For P1 phage UV survival assays, plaque-forming activity was evaluated. Host bacteria (MG1655) were grown in LB media at 37 °C to an OD600 of 1.0. Suspensions of P1 phage [8 × 108 plaque-forming units (PFU) mL−1] in Tris buffer in open Petri dishes were placed on an oscillating platform and stirred gently during irradiation. Samples were withdrawn and assayed for plaque formation. Diluted P1 phages were added to a culture of bacteria [multiplicity of infection (MOI) = 0.1], allowed to absorb for 20 min at 37 °C, and then plated. After irradiation, the samples were plated in soft agar and then incubated at 37 °C for 1 day. The number of PFU per milliliter was subsequently recorded. Each experiment was repeated three times, and the data are presented as the means ± SEs.
2.3 Plant materials and growth conditions
A transgenic Arabidopsis line in the Columbia background harboring mitochondrial matrix-targeted yellow fluorescent protein (MT-YFP) driven by Pro35S was used [15]. The transgenic Arabidopsis line MT-YFP-WT was grown vertically on ½-strength Murashige and Skoog (MS) medium agar plates in chambers at 23 °C under a 16 h light/8 h dark photoperiod provided by white fluorescent lamps (140 μmol m−2 s−1). Seven-day-old seedlings were used for all experiments.

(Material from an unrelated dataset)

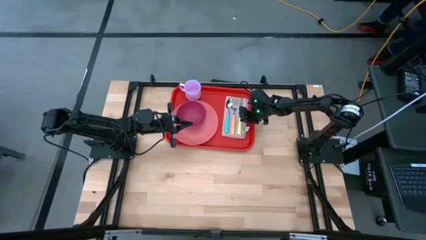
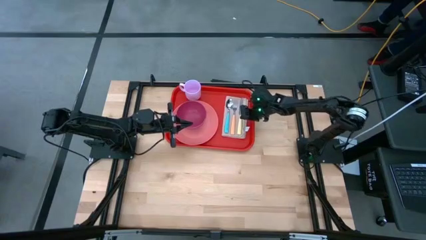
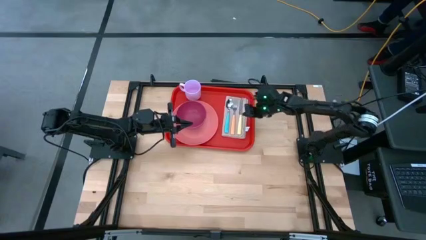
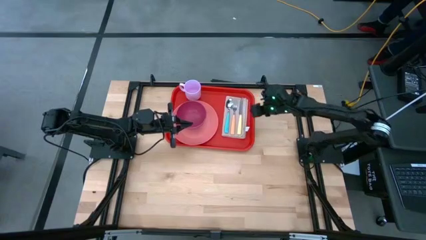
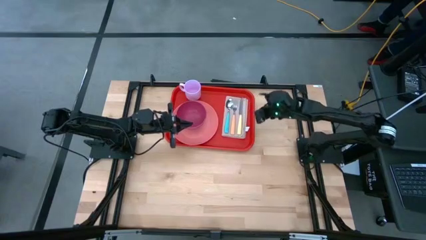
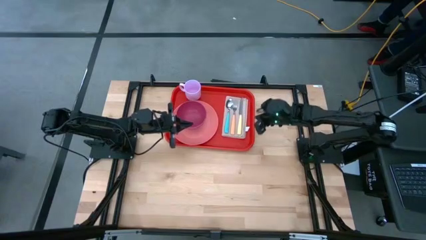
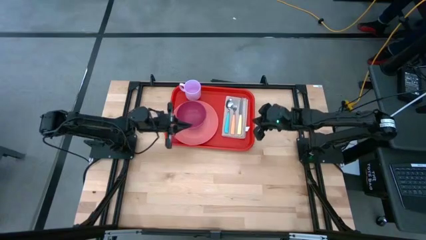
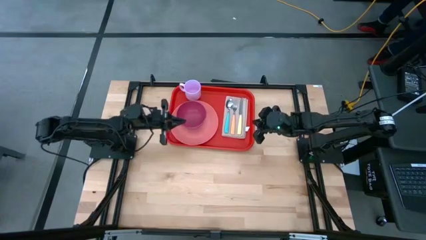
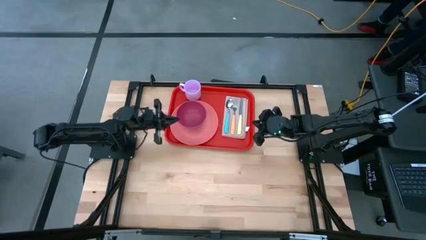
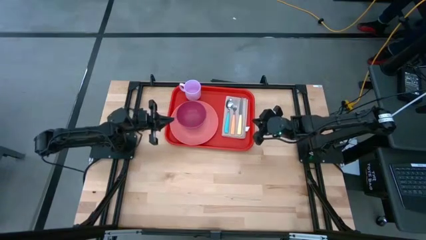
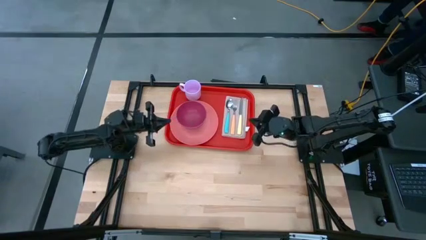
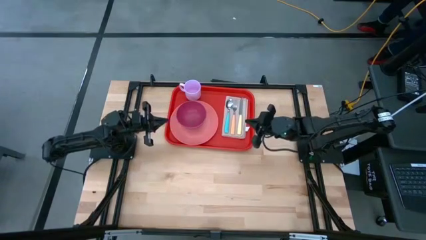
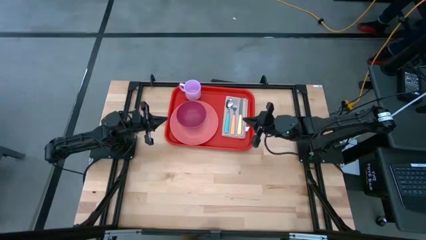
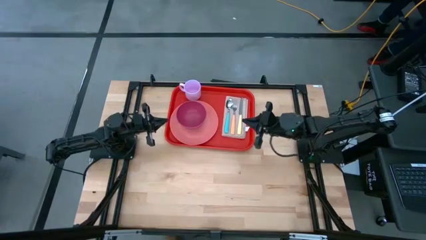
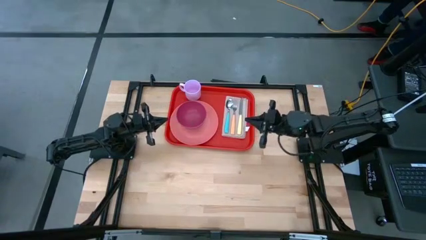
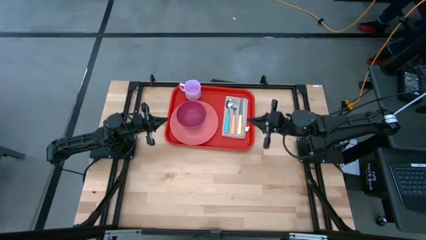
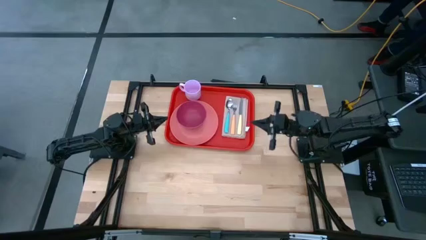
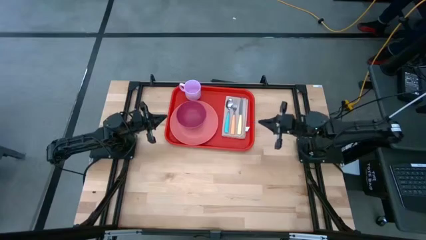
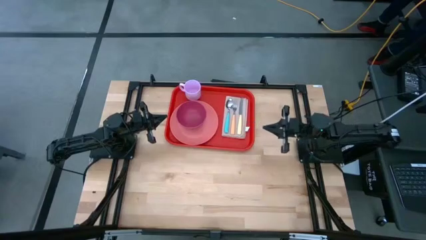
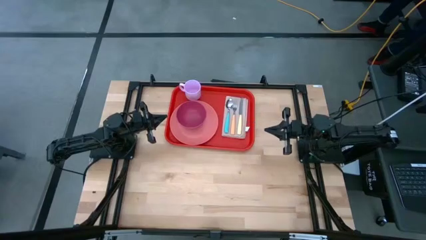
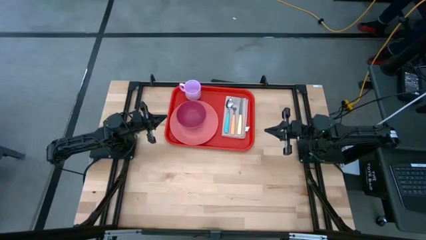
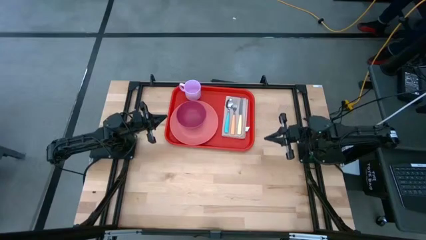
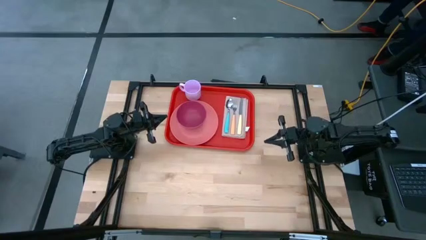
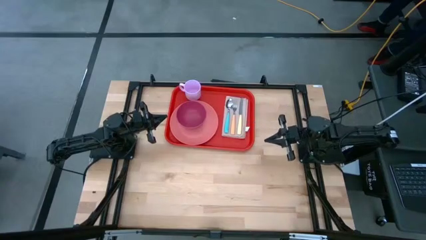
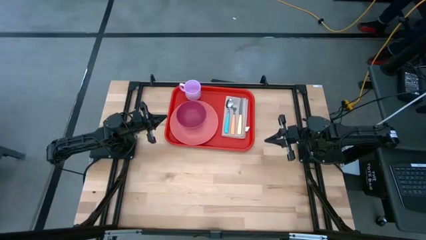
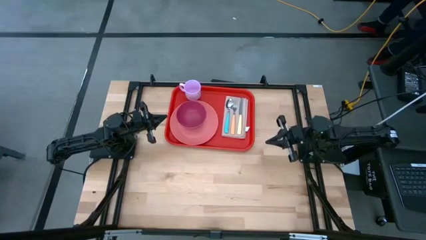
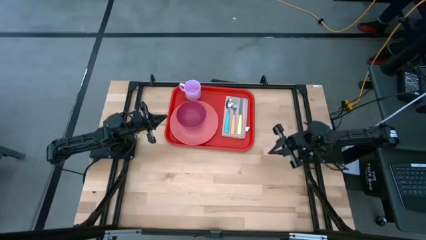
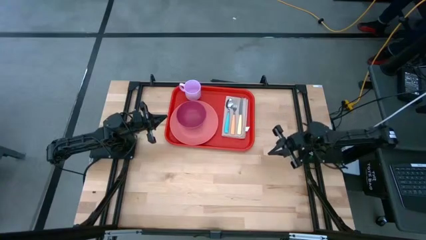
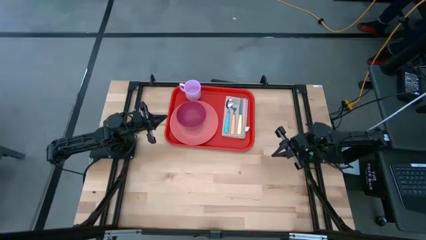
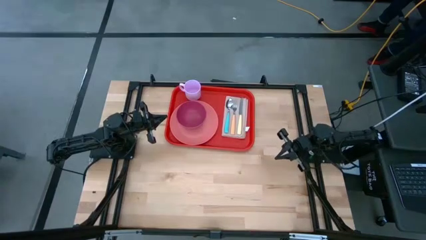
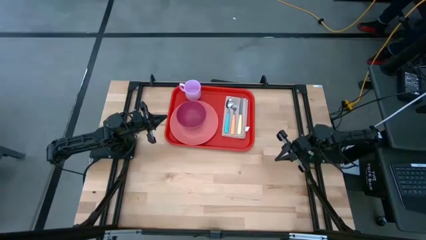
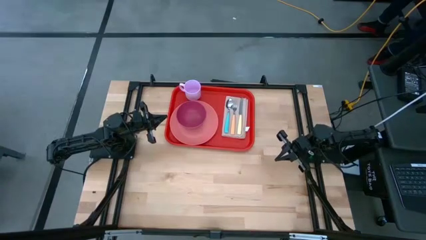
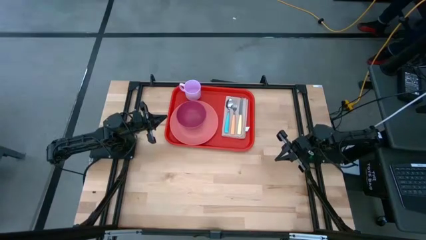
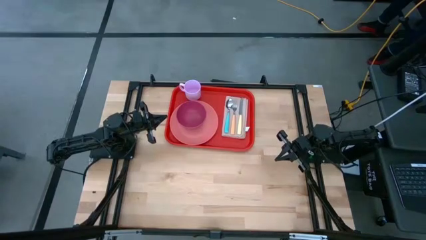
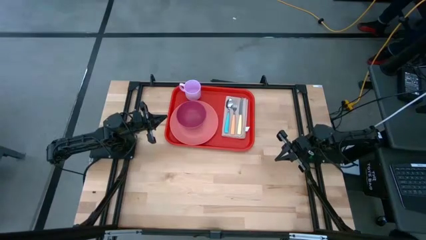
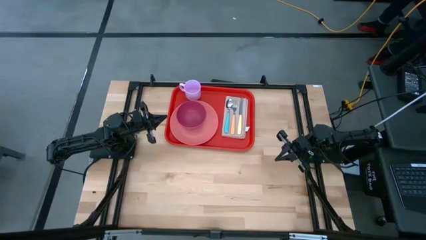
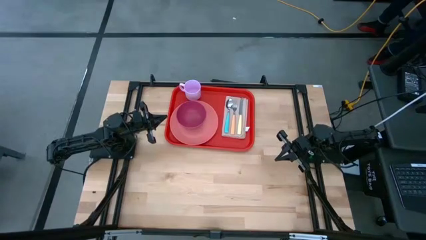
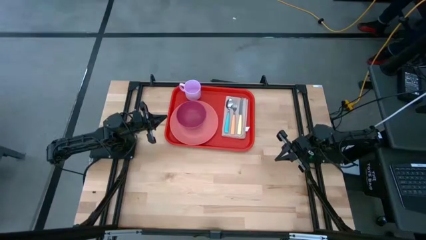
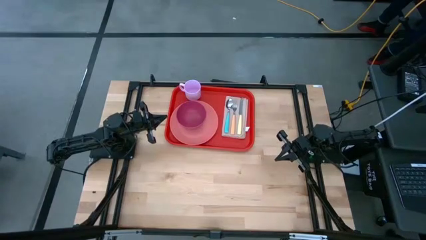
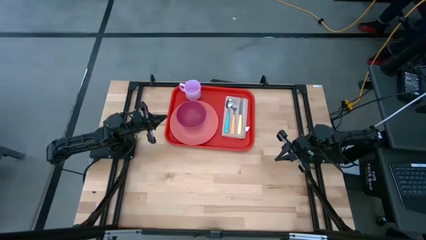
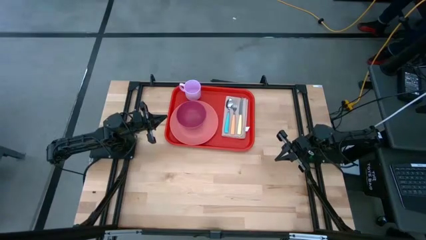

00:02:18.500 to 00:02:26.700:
Task: Set up tray
Return to Home Position

2.4 UV treatment and measurement of plant growth
Seven-day-old seedlings were irradiated with a 0.15–10 kJ m−2 dose of 254-UVC or 222-UVC. Plants were exposed to the 254-UVC for 1 min and 3 s (500 J m−2), 2 min and 5 s (1000 J m−2), 5 min and 14 s (2500 J m−2), 10 min and 27 s (5000 J m−2), 15 min and 41 s (7500 J m−2), 20 min and 55 s (10,000 J m−2), and exposed to the 222-UVC for 5 min and 2 s (500 J m−2), 10 min and 4 s (1000 J m−2), 25 min and 10 s (2500 J m−2), 50 min and 19 s (5000 J m−2), 1 h, 15 min and 29 s (7500 J m−2), 1 h, 40 min and 39 s (10,000 J m−2). After UVC irradiation, the plants were returned to the growth chamber. The aboveground parts of the plants were cut off, and their fresh weights (FWs) were measured individually. At least 15 plants from three biological replications were analyzed.
2.5 Laser‐scanning confocal microscopy (LSCM) imaging
LSCM imaging was performed using a C-Apochromat LD63 × water-immersion objective (numerical aperture = 1.15; LSM800, Carl Zeiss, Oberkochen, Germany). Fluorescence images of YFP (excitation at 488 nm; emission at 500–550 nm) and chlorophyll autofluorescence (excitation at 640 nm; emission at 650–700 nm) were subsequently obtained [15].

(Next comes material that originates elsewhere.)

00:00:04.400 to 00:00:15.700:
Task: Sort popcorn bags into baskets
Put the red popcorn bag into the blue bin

2.6 Measurement of mitochondrial number and volume
Transgenic Arabidopsis lines harboring MT-YFP were irradiated with 254- or 222-UVC. Twenty-four hours after UVC exposure, the plants were observed via LSCM. Fixed image areas (212 × 212 × 40 μm each) were monitored by changing the focus during LSCM. The Z-stack images from LSCM were converted to three-dimensional pictures, and the number and volume of mitochondria were measured using Imaris microscopy analysis software (Bitplane, Zurich, Switzerland) [15]. To determine the number and volume of mitochondria, three plants at each timepoint were analyzed [n = 3 (≥ 5 cells)].
3 Results and discussion
The spectra of the 254-UVC and 222-UVC light sources used in this study are shown in Fig. 1. The 254-UVC light emits a dominant line spectrum from 250 to 270 nm, with a peak at 254 nm, and two small line spectra at 313 and 366 nm (Fig. 1A). The 222-UVC light source emitted a dominant line spectrum from 200 to 230 nm, with a peak at 222 nm, and a continuous spectrum from 230 to 265 nm, with peaks at 238 and 258 nm (Fig. 1B). The integrating intensity of the 235 to 265 nm UV is 9.0% of the integrating intensity of the 235–265 nm UV. Several studies investigating the effects of 222-UVC light on biological organisms have been performed in which light emitted from an excimer lamp source with 235–280 nm light was removed by the use of filters that restricted the emissions to 200–230 nm UV [14]. In this study, the light emitted from the excimer lamp was directly used without using a filter.
First, to confirm the characteristics of the effects of the 222-UVC radiation used in this study on biological organisms, the effects on the viability of E. coli and P1 phages, which have been widely reported thus far [16,17,18,19], were investigated. E. coli and P1 phages were subjected to a different dose (0–150 J m−2) of 254-UVC or 222-UVC radiation, and the survival rate of E. coli (Fig. 2A) or P1 phages (Fig. 2B) in response to each UVC radiation dose was measured. E. coli and P1 phage survival decreased with increasing dose of 254-UVC or 222-UVC. However, the susceptibility of E. coli and P1 phages differed in response to 254-UVC and 222-UVC; E. coli was more sensitive to 254-UVC than to 222-UVC, whereas P1 phages were more sensitive to 222-UVC than to 254-UVC. The 99% lethal dose (LD99) for E. coli disinfection by 254-UVC and 222-UVC was 65 and 110 J m−2, respectively. In contrast, the LD99 for P1 phage disinfection by 254-UVC and 222-UVC was 117 and 70 J m−2, respectively. When comparing susceptibility to 254-UVC and susceptibility to 222-UVC, it has been reported that E. coli was more susceptible to 254-UVC than to 222-UVC [16]. In contrast, MS2 bacteriophages were more sensitive to 222-UVC than to 254-UVC and were inactivated in response to a lower UV dose of 222-UVC; to reach 3log10 inactivation of MS2 bacteriophages, a more than twofold dose of 254-UVC (45 J m−2) compared with 222-UVC (20 J m−2) was needed [17]. Therefore, it was confirmed that the effects of the UVC light sources used in this study on the survival and inactivation of E. coli and phages were in accordance with the results reported thus far.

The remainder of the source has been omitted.